Usage

This package provides a framework that audits data according to a given specification and returns a report.

As an example, let’s consider a python application which creates meteorological reports in CSV format. We want to verify the CSV files before they are distributed to the public and provide a report on any issues so that they can be addressed. This tool provides a framework for doing so in an easy-to-read fashion.

Audit Creation

Creating an audit is much like creating a test case, with a few small differences. Most implementations will override the constructor to provide a piece of data to test and the audit() method to provide the tests. All tests are done using the ClaimInspector which is created by calling claim().

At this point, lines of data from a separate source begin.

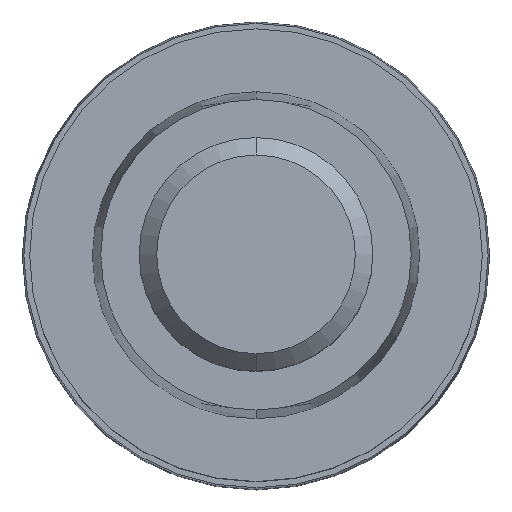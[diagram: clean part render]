
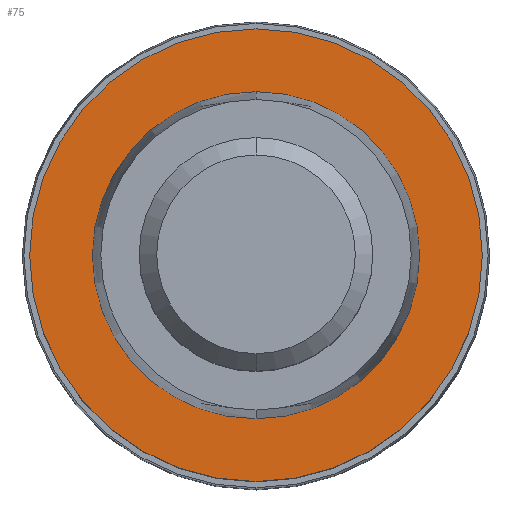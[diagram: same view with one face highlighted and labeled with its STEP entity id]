
A CAD part, top view. The second image highlights one B-rep face of the part: STEP entity #75.
In plain terms, the highlighted planar face has unit normal (0, 0, 1).
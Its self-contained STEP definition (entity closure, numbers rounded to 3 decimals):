
#34=FACE_BOUND('',#121,.T.);
#35=FACE_BOUND('',#122,.T.);
#60=PLANE('',#449);
#75=ADVANCED_FACE('',(#34,#35),#60,.F.);
#121=EDGE_LOOP('',(#174,#175));
#122=EDGE_LOOP('',(#176,#177));
#174=ORIENTED_EDGE('',*,*,#250,.F.);
#175=ORIENTED_EDGE('',*,*,#253,.F.);
#176=ORIENTED_EDGE('',*,*,#254,.F.);
#177=ORIENTED_EDGE('',*,*,#255,.F.);
#220=VERTEX_POINT('',#710);
#221=VERTEX_POINT('',#711);
#222=VERTEX_POINT('',#718);
#223=VERTEX_POINT('',#719);
#250=EDGE_CURVE('',#220,#221,#291,.T.);
#253=EDGE_CURVE('',#221,#220,#292,.T.);
#254=EDGE_CURVE('',#222,#223,#293,.T.);
#255=EDGE_CURVE('',#223,#222,#294,.T.);
#291=CIRCLE('',#443,7.75);
#292=CIRCLE('',#445,7.75);
#293=CIRCLE('',#447,5.6);
#294=CIRCLE('',#448,5.6);
#443=AXIS2_PLACEMENT_3D('',#709,#544,#545);
#445=AXIS2_PLACEMENT_3D('',#715,#550,#551);
#447=AXIS2_PLACEMENT_3D('',#717,#554,#555);
#448=AXIS2_PLACEMENT_3D('',#720,#556,#557);
#449=AXIS2_PLACEMENT_3D('',#721,#558,#559);
#544=DIRECTION('',(0.,0.,-1.));
#545=DIRECTION('',(0.,1.,0.));
#550=DIRECTION('',(0.,0.,-1.));
#551=DIRECTION('',(0.,-1.,0.));
#554=DIRECTION('',(0.,0.,1.));
#555=DIRECTION('',(0.,1.,0.));
#556=DIRECTION('',(0.,0.,1.));
#557=DIRECTION('',(0.,-1.,0.));
#558=DIRECTION('',(0.,0.,-1.));
#559=DIRECTION('',(0.,1.,0.));
#709=CARTESIAN_POINT('',(0.,0.,24.));
#710=CARTESIAN_POINT('',(0.,7.75,24.));
#711=CARTESIAN_POINT('',(0.,-7.75,24.));
#715=CARTESIAN_POINT('',(0.,0.,24.));
#717=CARTESIAN_POINT('',(0.,0.,24.));
#718=CARTESIAN_POINT('',(0.,5.6,24.));
#719=CARTESIAN_POINT('',(0.,-5.6,24.));
#720=CARTESIAN_POINT('',(0.,0.,24.));
#721=CARTESIAN_POINT('',(0.,0.,24.));
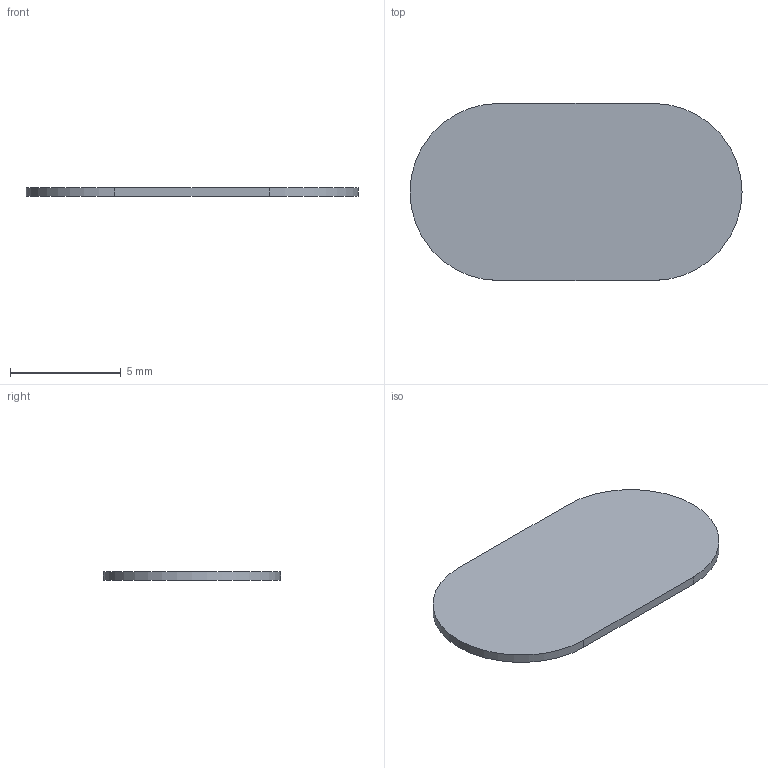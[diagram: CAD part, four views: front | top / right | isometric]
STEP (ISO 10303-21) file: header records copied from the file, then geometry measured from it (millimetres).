
FILE_DESCRIPTION(('Open CASCADE Model'),'2;1');
FILE_NAME('Open CASCADE Shape Model','2022-12-29T11:45:38',('Author'),( 'Open CASCADE'),'Open CASCADE STEP processor 7.5','Open CASCADE 7.5' ,'Unknown');
FILE_SCHEMA(('AUTOMOTIVE_DESIGN { 1 0 10303 214 1 1 1 1 }'));
Length unit declared in the file: millimetre
Products named in the file (1): Open CASCADE STEP translator 7.5 8
Bounding box: 15 x 8 x 0.4 mm (x, y, z)
Volume: 42.5 mm3; surface area: 228.2 mm2
Topology: 1 solids, 1 shells, 6 faces, 12 edges, 8 vertices
Faces by surface type: plane 4, cylinder 2
Entity records: 326 total; most frequent: DIRECTION 54, CARTESIAN_POINT 51, LINE 28, VECTOR 28, ORIENTED_EDGE 24, PCURVE 24, DEFINITIONAL_REPRESENTATION 24, EDGE_CURVE 12
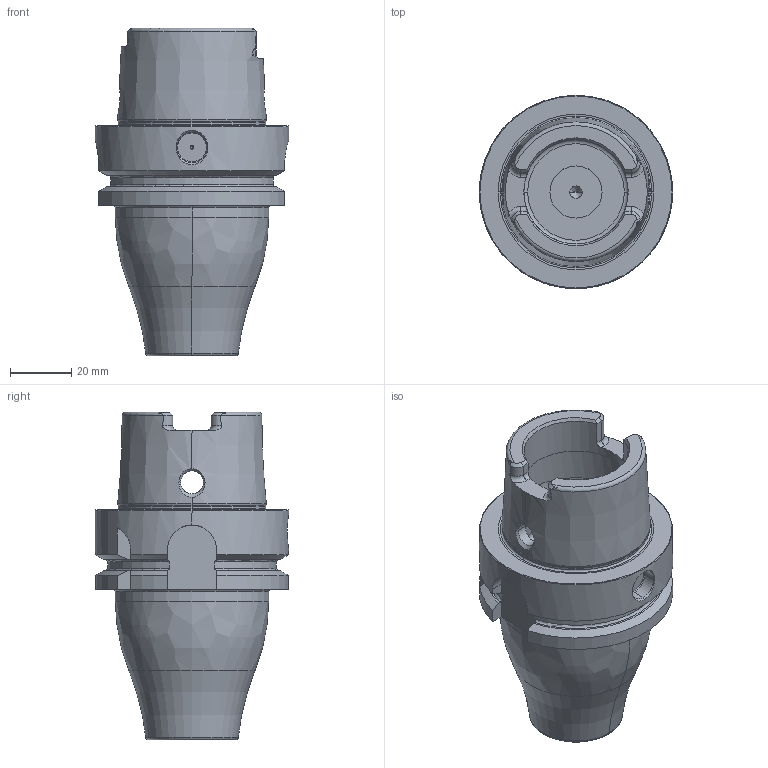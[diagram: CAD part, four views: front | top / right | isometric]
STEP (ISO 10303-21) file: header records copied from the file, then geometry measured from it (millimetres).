
FILE_DESCRIPTION((''),'2;1');
FILE_NAME('607517713-000-01-E43','2023-03-14T08:28:58',('liebchenm'),(''),'CREO PARAMETRIC BY PTC INC, 2021184','CREO PARAMETRIC BY PTC INC, 2021184','');
FILE_SCHEMA(('AP242_MANAGED_MODEL_BASED_3D_ENGINEERING_MIM_LF { 1 0 10303 442 1 1 4 }'));
Length unit declared in the file: millimetre
Products named in the file (1): 607517713-000-01-E43
Bounding box: 63 x 63 x 106.9 mm (x, y, z)
Volume: 146486 mm3; surface area: 28765.6 mm2
Topology: 1 solids, 1 shells, 152 faces, 390 edges, 240 vertices
Faces by surface type: plane 45, cylinder 43, cone 34, torus 28, bspline 2
Entity records: 8358 total; most frequent: CARTESIAN_POINT 2476, ORIENTED_EDGE 772, DIRECTION 767, PRESENTATION_STYLE_ASSIGNMENT 397, STYLED_ITEM 397, CURVE_STYLE 396, EDGE_CURVE 386, AXIS2_PLACEMENT_3D 311
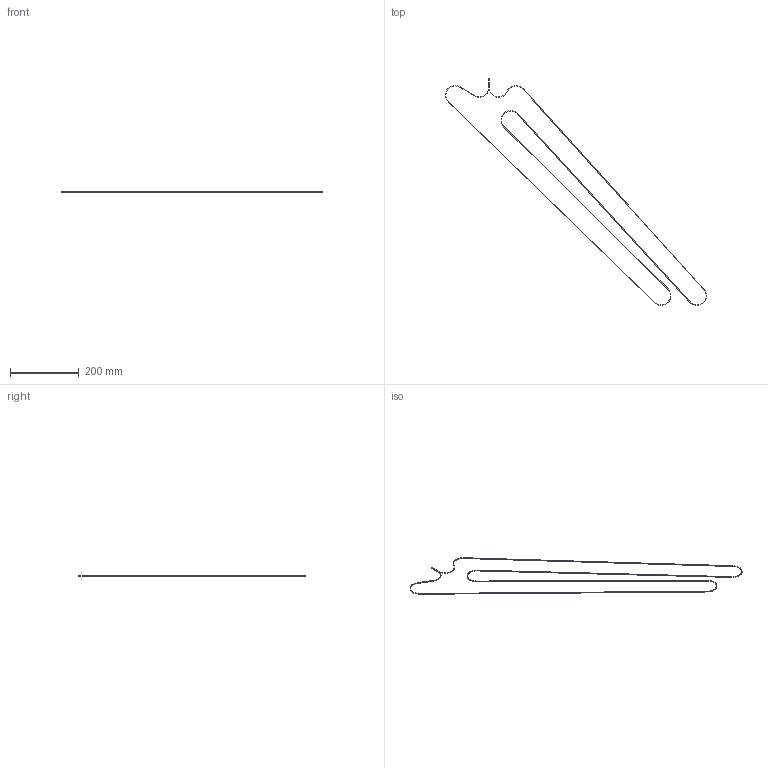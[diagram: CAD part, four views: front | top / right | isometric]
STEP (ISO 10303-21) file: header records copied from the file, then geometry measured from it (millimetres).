
FILE_DESCRIPTION(/* description */ (''),/* implementation_level */ '2;1');
FILE_NAME(/* name */ 'Outer HCAL Tile 10 Fiber - North10-20-2022.stp',/* time_stamp */ '2022-10-20T08:22:12-04:00',/* author */ ('rick'),/* organization */ (''),/* preprocessor_version */ 'ST-DEVELOPER v19',/* originating_system */ 'Autodesk Inventor 2023',/* authorisation */ '');
FILE_SCHEMA (('AUTOMOTIVE_DESIGN { 1 0 10303 214 3 1 1 }'));
Length unit declared in the file: inch
Products named in the file (2): Outer HCAL Chimney Tiles Xiachun-12-14-2021; Outer HCAL Tile 10
Assembly tree (1 placements, depth 2):
  Outer HCAL Chimney Tiles Xiachun-12-14-2021
    Outer HCAL Tile 10
Bounding box: 758.32 x 658.36 x 2.1 mm (x, y, z)
Volume: 8451.8 mm3; surface area: 23311.9 mm2
Topology: 1 solids, 1 shells, 29 faces, 81 edges, 54 vertices
Faces by surface type: plane 15, cylinder 14
Entity records: 1018 total; most frequent: DIRECTION 173, CARTESIAN_POINT 167, ORIENTED_EDGE 162, EDGE_CURVE 81, AXIS2_PLACEMENT_3D 60, VERTEX_POINT 54, LINE 53, VECTOR 53
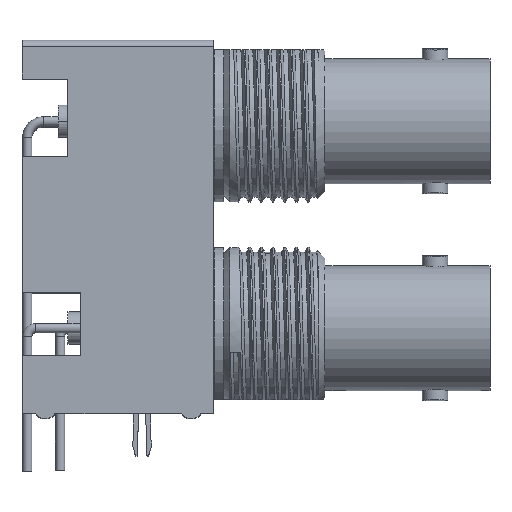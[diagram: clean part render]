
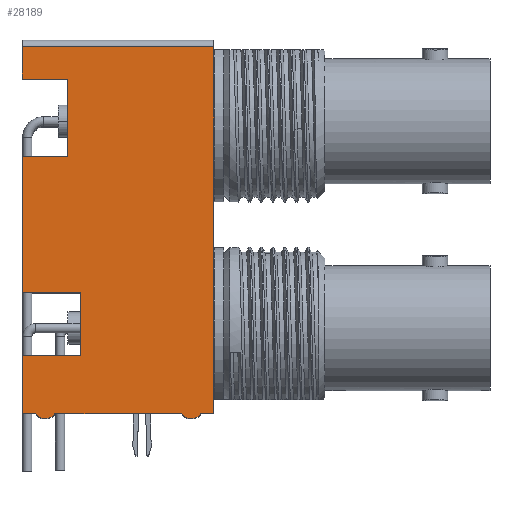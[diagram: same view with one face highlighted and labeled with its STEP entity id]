
A CAD part, top view. The second image highlights one B-rep face of the part: STEP entity #28189.
In plain terms, the highlighted planar face has unit normal (0, 0, 1).
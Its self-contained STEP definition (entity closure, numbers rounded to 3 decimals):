
#27557 = VERTEX_POINT('',#27558);
#27558 = CARTESIAN_POINT('',(15.611,-14.44,7.2));
#27564 = EDGE_CURVE('',#27565,#27557,#27567,.T.);
#27565 = VERTEX_POINT('',#27566);
#27566 = CARTESIAN_POINT('',(15.611,13.932,7.2));
#27567 = LINE('',#27568,#27569);
#27568 = CARTESIAN_POINT('',(15.611,13.932,7.2));
#27569 = VECTOR('',#27570,1.);
#27570 = DIRECTION('',(0.,-1.,0.));
#27824 = VERTEX_POINT('',#27825);
#27825 = CARTESIAN_POINT('',(0.76,-14.44,7.2));
#27833 = EDGE_CURVE('',#27824,#27834,#27836,.T.);
#27834 = VERTEX_POINT('',#27835);
#27835 = CARTESIAN_POINT('',(1.802,-14.44,7.2));
#27836 = LINE('',#27837,#27838);
#27837 = CARTESIAN_POINT('',(0.76,-14.44,7.2));
#27838 = VECTOR('',#27839,1.);
#27839 = DIRECTION('',(1.,0.,0.));
#27858 = VERTEX_POINT('',#27859);
#27859 = CARTESIAN_POINT('',(3.302,-14.44,7.2));
#27865 = EDGE_CURVE('',#27858,#27866,#27868,.T.);
#27866 = VERTEX_POINT('',#27867);
#27867 = CARTESIAN_POINT('',(13.095,-14.44,7.2));
#27868 = LINE('',#27869,#27870);
#27869 = CARTESIAN_POINT('',(3.302,-14.44,7.2));
#27870 = VECTOR('',#27871,1.);
#27871 = DIRECTION('',(1.,0.,0.));
#27890 = VERTEX_POINT('',#27891);
#27891 = CARTESIAN_POINT('',(14.595,-14.44,7.2));
#27897 = EDGE_CURVE('',#27890,#27557,#27898,.T.);
#27898 = LINE('',#27899,#27900);
#27899 = CARTESIAN_POINT('',(14.595,-14.44,7.2));
#27900 = VECTOR('',#27901,1.);
#27901 = DIRECTION('',(1.,0.,0.));
#28189 = ADVANCED_FACE('',(#28190),#28322,.T.);
#28190 = FACE_BOUND('',#28191,.F.);
#28191 = EDGE_LOOP('',(#28192,#28200,#28208,#28216,#28224,#28232,#28240,
    #28248,#28256,#28264,#28270,#28271,#28272,#28281,#28289,#28296,
    #28297,#28306,#28314,#28321));
#28192 = ORIENTED_EDGE('',*,*,#28193,.T.);
#28193 = EDGE_CURVE('',#27824,#28194,#28196,.T.);
#28194 = VERTEX_POINT('',#28195);
#28195 = CARTESIAN_POINT('',(0.76,-9.94,7.2));
#28196 = LINE('',#28197,#28198);
#28197 = CARTESIAN_POINT('',(0.76,-14.44,7.2));
#28198 = VECTOR('',#28199,1.);
#28199 = DIRECTION('',(0.,1.,0.));
#28200 = ORIENTED_EDGE('',*,*,#28201,.F.);
#28201 = EDGE_CURVE('',#28202,#28194,#28204,.T.);
#28202 = VERTEX_POINT('',#28203);
#28203 = CARTESIAN_POINT('',(5.318,-9.94,7.2));
#28204 = LINE('',#28205,#28206);
#28205 = CARTESIAN_POINT('',(5.318,-9.94,7.2));
#28206 = VECTOR('',#28207,1.);
#28207 = DIRECTION('',(-1.,0.,0.));
#28208 = ORIENTED_EDGE('',*,*,#28209,.T.);
#28209 = EDGE_CURVE('',#28202,#28210,#28212,.T.);
#28210 = VERTEX_POINT('',#28211);
#28211 = CARTESIAN_POINT('',(5.318,-5.09,7.2));
#28212 = LINE('',#28213,#28214);
#28213 = CARTESIAN_POINT('',(5.318,-9.94,7.2));
#28214 = VECTOR('',#28215,1.);
#28215 = DIRECTION('',(0.,1.,0.));
#28216 = ORIENTED_EDGE('',*,*,#28217,.F.);
#28217 = EDGE_CURVE('',#28218,#28210,#28220,.T.);
#28218 = VERTEX_POINT('',#28219);
#28219 = CARTESIAN_POINT('',(0.762,-5.09,7.2));
#28220 = LINE('',#28221,#28222);
#28221 = CARTESIAN_POINT('',(0.762,-5.09,7.2));
#28222 = VECTOR('',#28223,1.);
#28223 = DIRECTION('',(1.,0.,0.));
#28224 = ORIENTED_EDGE('',*,*,#28225,.F.);
#28225 = EDGE_CURVE('',#28226,#28218,#28228,.T.);
#28226 = VERTEX_POINT('',#28227);
#28227 = CARTESIAN_POINT('',(0.762,5.461,7.2));
#28228 = LINE('',#28229,#28230);
#28229 = CARTESIAN_POINT('',(0.762,5.461,7.2));
#28230 = VECTOR('',#28231,1.);
#28231 = DIRECTION('',(0.,-1.,0.));
#28232 = ORIENTED_EDGE('',*,*,#28233,.T.);
#28233 = EDGE_CURVE('',#28226,#28234,#28236,.T.);
#28234 = VERTEX_POINT('',#28235);
#28235 = CARTESIAN_POINT('',(4.318,5.461,7.2));
#28236 = LINE('',#28237,#28238);
#28237 = CARTESIAN_POINT('',(0.762,5.461,7.2));
#28238 = VECTOR('',#28239,1.);
#28239 = DIRECTION('',(1.,0.,0.));
#28240 = ORIENTED_EDGE('',*,*,#28241,.F.);
#28241 = EDGE_CURVE('',#28242,#28234,#28244,.T.);
#28242 = VERTEX_POINT('',#28243);
#28243 = CARTESIAN_POINT('',(4.318,11.443,7.2));
#28244 = LINE('',#28245,#28246);
#28245 = CARTESIAN_POINT('',(4.318,11.443,7.2));
#28246 = VECTOR('',#28247,1.);
#28247 = DIRECTION('',(0.,-1.,0.));
#28248 = ORIENTED_EDGE('',*,*,#28249,.F.);
#28249 = EDGE_CURVE('',#28250,#28242,#28252,.T.);
#28250 = VERTEX_POINT('',#28251);
#28251 = CARTESIAN_POINT('',(0.762,11.443,7.2));
#28252 = LINE('',#28253,#28254);
#28253 = CARTESIAN_POINT('',(0.762,11.443,7.2));
#28254 = VECTOR('',#28255,1.);
#28255 = DIRECTION('',(1.,0.,0.));
#28256 = ORIENTED_EDGE('',*,*,#28257,.F.);
#28257 = EDGE_CURVE('',#28258,#28250,#28260,.T.);
#28258 = VERTEX_POINT('',#28259);
#28259 = CARTESIAN_POINT('',(0.762,13.932,7.2));
#28260 = LINE('',#28261,#28262);
#28261 = CARTESIAN_POINT('',(0.762,13.932,7.2));
#28262 = VECTOR('',#28263,1.);
#28263 = DIRECTION('',(0.,-1.,0.));
#28264 = ORIENTED_EDGE('',*,*,#28265,.T.);
#28265 = EDGE_CURVE('',#28258,#27565,#28266,.T.);
#28266 = LINE('',#28267,#28268);
#28267 = CARTESIAN_POINT('',(0.762,13.932,7.2));
#28268 = VECTOR('',#28269,1.);
#28269 = DIRECTION('',(1.,0.,0.));
#28270 = ORIENTED_EDGE('',*,*,#27564,.T.);
#28271 = ORIENTED_EDGE('',*,*,#27897,.F.);
#28272 = ORIENTED_EDGE('',*,*,#28273,.F.);
#28273 = EDGE_CURVE('',#28274,#27890,#28276,.T.);
#28274 = VERTEX_POINT('',#28275);
#28275 = CARTESIAN_POINT('',(13.977,-14.811,7.2));
#28276 = CIRCLE('',#28277,0.7);
#28277 = AXIS2_PLACEMENT_3D('',#28278,#28279,#28280);
#28278 = CARTESIAN_POINT('',(13.977,-14.111,7.2));
#28279 = DIRECTION('',(-0.,0.,1.));
#28280 = DIRECTION('',(0.,-1.,0.));
#28281 = ORIENTED_EDGE('',*,*,#28282,.T.);
#28282 = EDGE_CURVE('',#28274,#28283,#28285,.T.);
#28283 = VERTEX_POINT('',#28284);
#28284 = CARTESIAN_POINT('',(13.713,-14.811,7.2));
#28285 = LINE('',#28286,#28287);
#28286 = CARTESIAN_POINT('',(13.977,-14.811,7.2));
#28287 = VECTOR('',#28288,1.);
#28288 = DIRECTION('',(-1.,0.,0.));
#28289 = ORIENTED_EDGE('',*,*,#28290,.F.);
#28290 = EDGE_CURVE('',#27866,#28283,#28291,.T.);
#28291 = CIRCLE('',#28292,0.7);
#28292 = AXIS2_PLACEMENT_3D('',#28293,#28294,#28295);
#28293 = CARTESIAN_POINT('',(13.713,-14.111,7.2));
#28294 = DIRECTION('',(0.,0.,1.));
#28295 = DIRECTION('',(-0.883,-0.47,0.));
#28296 = ORIENTED_EDGE('',*,*,#27865,.F.);
#28297 = ORIENTED_EDGE('',*,*,#28298,.F.);
#28298 = EDGE_CURVE('',#28299,#27858,#28301,.T.);
#28299 = VERTEX_POINT('',#28300);
#28300 = CARTESIAN_POINT('',(2.684,-14.811,7.2));
#28301 = CIRCLE('',#28302,0.7);
#28302 = AXIS2_PLACEMENT_3D('',#28303,#28304,#28305);
#28303 = CARTESIAN_POINT('',(2.684,-14.111,7.2));
#28304 = DIRECTION('',(-0.,0.,1.));
#28305 = DIRECTION('',(0.,-1.,0.));
#28306 = ORIENTED_EDGE('',*,*,#28307,.T.);
#28307 = EDGE_CURVE('',#28299,#28308,#28310,.T.);
#28308 = VERTEX_POINT('',#28309);
#28309 = CARTESIAN_POINT('',(2.42,-14.811,7.2));
#28310 = LINE('',#28311,#28312);
#28311 = CARTESIAN_POINT('',(2.684,-14.811,7.2));
#28312 = VECTOR('',#28313,1.);
#28313 = DIRECTION('',(-1.,0.,0.));
#28314 = ORIENTED_EDGE('',*,*,#28315,.F.);
#28315 = EDGE_CURVE('',#27834,#28308,#28316,.T.);
#28316 = CIRCLE('',#28317,0.7);
#28317 = AXIS2_PLACEMENT_3D('',#28318,#28319,#28320);
#28318 = CARTESIAN_POINT('',(2.42,-14.111,7.2));
#28319 = DIRECTION('',(0.,0.,1.));
#28320 = DIRECTION('',(-0.883,-0.47,0.));
#28321 = ORIENTED_EDGE('',*,*,#27833,.F.);
#28322 = PLANE('',#28323);
#28323 = AXIS2_PLACEMENT_3D('',#28324,#28325,#28326);
#28324 = CARTESIAN_POINT('',(0.,14.44,7.2));
#28325 = DIRECTION('',(0.,0.,1.));
#28326 = DIRECTION('',(0.,-1.,0.));

The claim() method takes a value which we will make claims about using various methods. However, it also takes an optional Severity which informs the system how bad the deficiency is if any of the tests fail. These severities and their suggested interpretations are:

BLOCKER

If the claim is False, then we prevent further execution of the audit. This should mostly be used if the claim failing means the rest of the audit may not providing any meaningful results. For example, if a CSV file cannot be parsed as a CSV file, this means we cannot inspect the contents. Any exceptions that are raised are considered blocking errors.

CRITICAL

If the claim is False, this is a major deal-breaker about the structure but the audit can continue. For example, if a CSV file requires a specific column but this column is not present, this may be a CRITICAL error.

ERROR

The default value, this is used for any major errors that should probably be addressed about the data before it is considered valid. For example, if a CSV file is missing certain dates that should be included, this may be a simple ERROR.

WARNING

If the claim is False, this level suggests that it is a deficiency that may or may not need to be corrected. For example, if a value is NULL that probably shouldn’t be NULL, but the data format allows it to be so, this would be a WARNING.

For example, our hypothetical meteorological data file might have an audit that looks something like this:

from qassure import Auditor, Severity
import csv
import os

class WeatherDataAuditor(Auditor):

    def __init__(self, csv_path):
        self.csv_path = csv_path

    def audit(self):
        self.claim(os.path.exists(self.csv_path), Severity.BLOCKER).is_true("File does not exist")
        with open(self.csv_path, "r") as handle:
            reader = csv.reader(handle)
            header = None
            for line in reader:
                if header is None:
                    header = line
                    self.claim(header).equals(["Station", "Temperature (K)"], "Invalid header")
                else:
                    self.claim(len(line)).equals(2, "Missing temperature data")
                    if len(line) == 2:
                        self.claim(line[1].isdigit()).is_true("Temperature is not an integer")

This example will check to make sure the CSV file exists and is parsable as a CSV, then proceeds to check that the proper header is in place and that every line contains two elements, the second of which is an integer.